| Qualification Type: | PhD |
|---|---|
| Location: | Penryn |
| Funding for: | UK Students, EU Students, International Students |
| Funding amount: | £20,780 per year |
| Hours: | Full Time |
| Placed On: | 24th November 2025 |
|---|---|
| Closes: | 12th January 2026 |
| Reference: | 5736 |
About the Project
Project details:
The rapid evolution of battery technologies drives global lithium demand, and the UK’s 2030 vision seeks a competitive, sustainable battery supply chain to fuel prosperity and net-zero goals. Despite its vast geothermal brine lithium reserves that has potential to meet national demand, the UK’s lithium resources remain underexploited. The southwest—rich in lithium, renewables, and emerging battery manufacturing—is an ideal hub for lithium supply development. Conventional evaporation-precipitation methods and direct lithium extraction struggle with low efficiency, modest affordability, and poor sustainability. Li⁺-selective membrane based electrochemical lithium extraction (ELITE) system offers a promising solution, leveraging scalability, energy and time efficiency, low costs, and decarbonized lithium production to meet these challenges. The ELITE system uses a Li⁺-selective ceramic membrane to drive lithium ions via electric potential across an electrochemical cell. The potential of lithium extraction from brine and seawater, integration with renewable energy sources make this technology promising for low-cost and decarbonized lithium production. However, ceramic membranes, generally used in all-solid-state lithium-ion batteries, face hurdles like low ionic selectivity and conductivity, brittleness, chemical instability, and high production costs. Driving Li⁺ migration often requires high voltage, exceeding water hydrolysis thresholds and increasing energy use, while electrolysis of the source solution generates unwanted by-products like chlorine gas. This project aims to develop a cost-effective, high-efficiency ELITE system.

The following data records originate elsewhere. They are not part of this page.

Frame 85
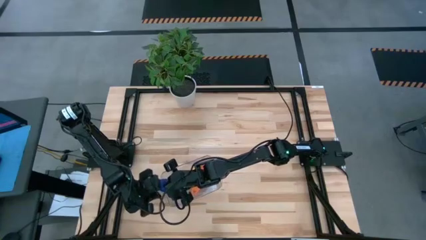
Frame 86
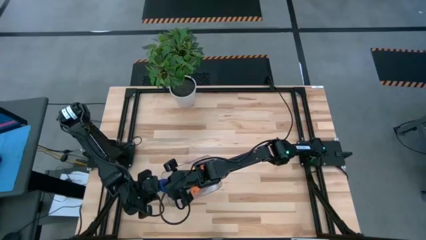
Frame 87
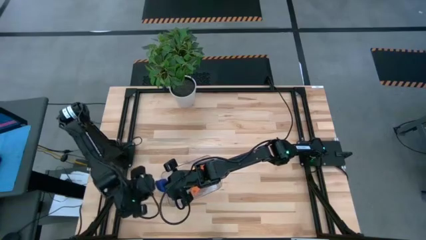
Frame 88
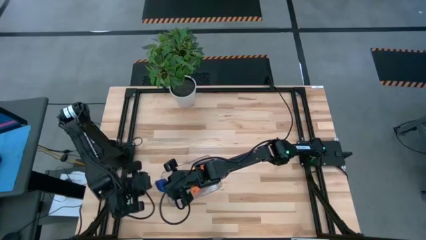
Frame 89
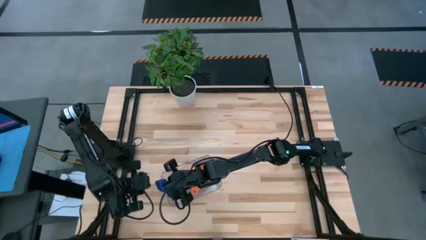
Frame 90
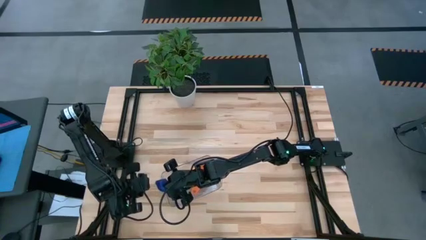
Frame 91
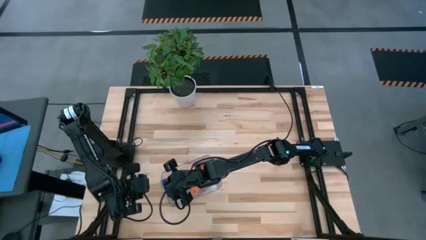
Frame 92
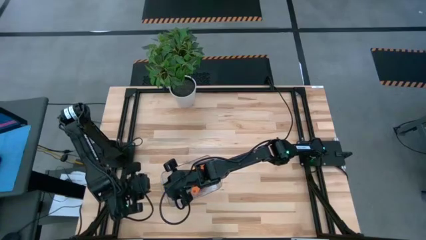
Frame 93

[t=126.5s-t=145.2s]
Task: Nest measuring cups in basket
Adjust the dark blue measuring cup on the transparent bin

To unlock its industrial potential, this project focuses on achieving the practical application of ELITE systems through three key tasks. First, based on my prior research on garnet-solid state electrolyte, a membrane with high ionic conductivity, robust mechanical and chemical/electrochemical stability, and affordability, will be explored using doping, sintering, thermal spray, and surface coating techniques. Second, by engineering electrochemical reactors with tailored reactions—adding chambers or anode surface protection layers—lithium yield of the ELITE system will be optimized, and by-products minimized.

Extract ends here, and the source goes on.